Pada umumnya reaksi transesterifikasi dan esterifikasi
merupakan reaksi lambat. Tanpa adanya katalis, proses pembuatan biodiesel
dengan reaksi transesterifikasi hanya dapat menghasilkan konversi sebesar 85%
setelah 10 jam reaksi pada suhu 235oC dengan tekanan 62 bar
(Diasakou dkk.,
2001). Katalis yang banyak digunakan
dalam reaksi transesterifikasi adalah katalis basa homogen seperti NaOH atau KOH (Darnoko
dkk., 2000; Meher dkk., 2006). Teknologi ini banyak diaplikasikan untuk
produksi biodiesel secara komersial karena relatif mudah, reaksi dapat
berlangsung pada suhu dan tekanan rendah,
dapat dicapai konversi
yang tinggi dengan
waktu reaksi yang
lebih pendek, dan tidak diperlukan material konstruksi khusus (Lin dkk.,
2011).
Kelemahan pada reaksi transesterifikasi berkatalis basa
yaitu tidak dapat diterapkan untuk bahan baku minyak yang memiliki kandungan FFA
di atas 2%. Keberadaan FFA yang tinggi akan
menyebabkan terjadinya reaksi samping berupa reaksi penyabunan yang akan
mengkonsumsi katalis sehingga menurunkan yield
biodiesel, dan mempersulit proses pemisahan produk (Atadashi dkk., 2011).
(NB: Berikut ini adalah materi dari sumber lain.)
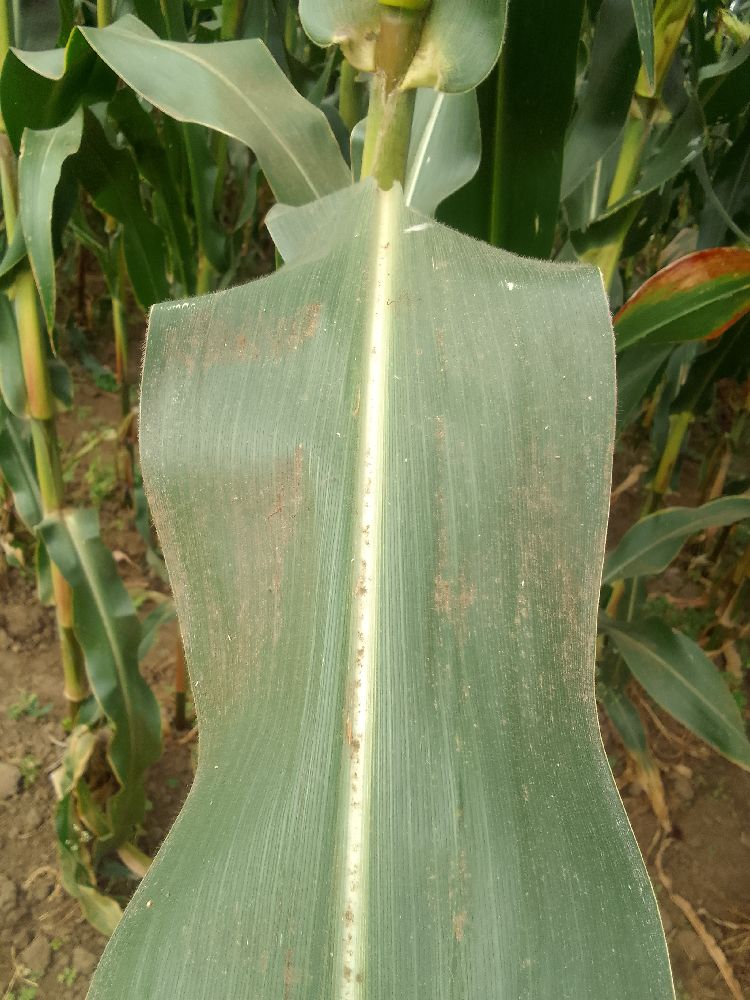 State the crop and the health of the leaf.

Selain menggunakan katalis basa seperti KOH dan NaOH katalis homogen yang biasa
digunakan adalah asam sulfat. Penggunaan katalis asam cair pada produksi
biodiesel seperti asam sulfat memerlukan temperatur tinggi dan waktu yang lama.
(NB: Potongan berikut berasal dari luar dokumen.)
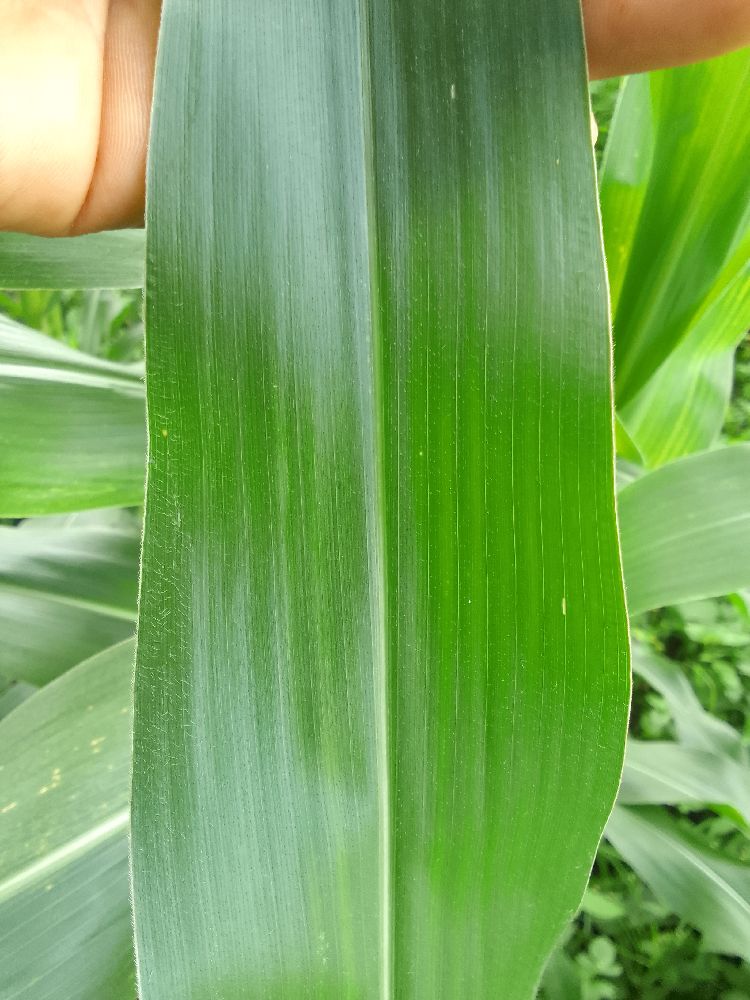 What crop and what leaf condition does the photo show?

maize, healthy

Beberapa keuntungan menggunakan katalis asam sebagai
pengganti katalis basa yaitu: jika minyak nabati mengandung FFA
lebih dari 2%, katalis basa akan rusak (tidak stabil), sedangkan katalis asam
akan tetap efektif. Penggunaan katalis homogen baik basa maupun asam menyebabkan
proses pemisahan dari produk lebih sukar. Selain itu, penggunaan katalis ini
hanya sekali saja tidak bisa berulang-ulang sehingga dapat menyebabkan
pencemaran lingkungan (Zullaikah dkk., 2006).
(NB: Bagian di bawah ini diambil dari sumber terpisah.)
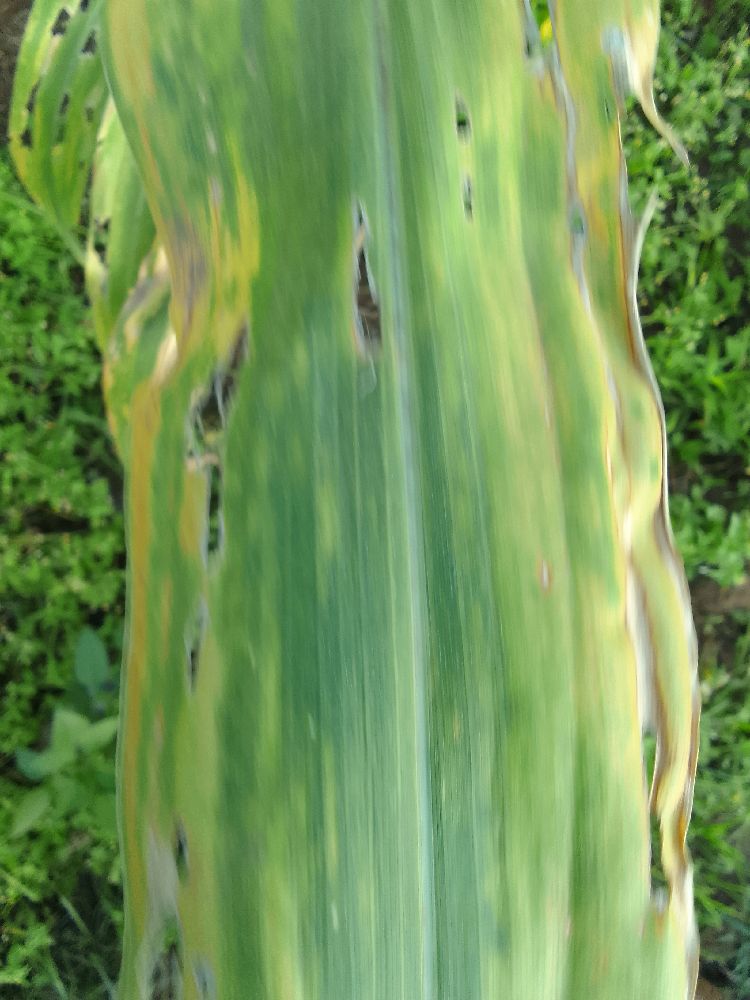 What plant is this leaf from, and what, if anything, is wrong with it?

Penggunaan katalis heterogen dapat mengatasi beberapa
permasalahan yang dimiliki oleh katalis homogen. Akan tetapi, katalis heterogen
juga memiliki kekurangan yaitu konversinya yang rendah tidak seperti katalis
homogen yang dapat menghasilkan konversi yang lebih tinggi. Beberapa contoh
katalis heterogen yang telah dikembangkan saat ini diantaranya adalah zeolit, SnCl2 CaO, SnCl2, ZrO2, Al2O3,
dan lain-lain. Keuntungan yang dimiliki oleh katalis heterogen
diantaranya adalah tidak bersifat korosif yang dapat merusak alat, ramah
lingkungan karena dapat digunakan kembali.
Timah (II) klorida
juga dikenal sebagai
stannous klorida merupakan kristal putih
solid dengan rumus
SnCl2. Timah (II)
klorida diklasifikasikan
sebagai katalis asam
Lewis yang merupakan
spesies yang dapat
membentuk ikatan kovalen dengan menerima pasangan elektron bebas dari
spesies lain yang kaya elektron (Ferreira dkk. 2012). Timah (II) klorida juga
memiliki karakteristik yang unggul dalam produksi biodiesel karena berupa
kristal stabil, mudah ditangani,
dan tidak korosif.
Timah (II) klorida juga
mudah dipisahkan dan digunakan
kembali untuk reaksi
esterifikasi setelah digunakan
dalam fase homogen karena
aktivitas katalis hampir tidak berubah bahkan setelah tiga kali recovery (Da Silva dkk. 2011).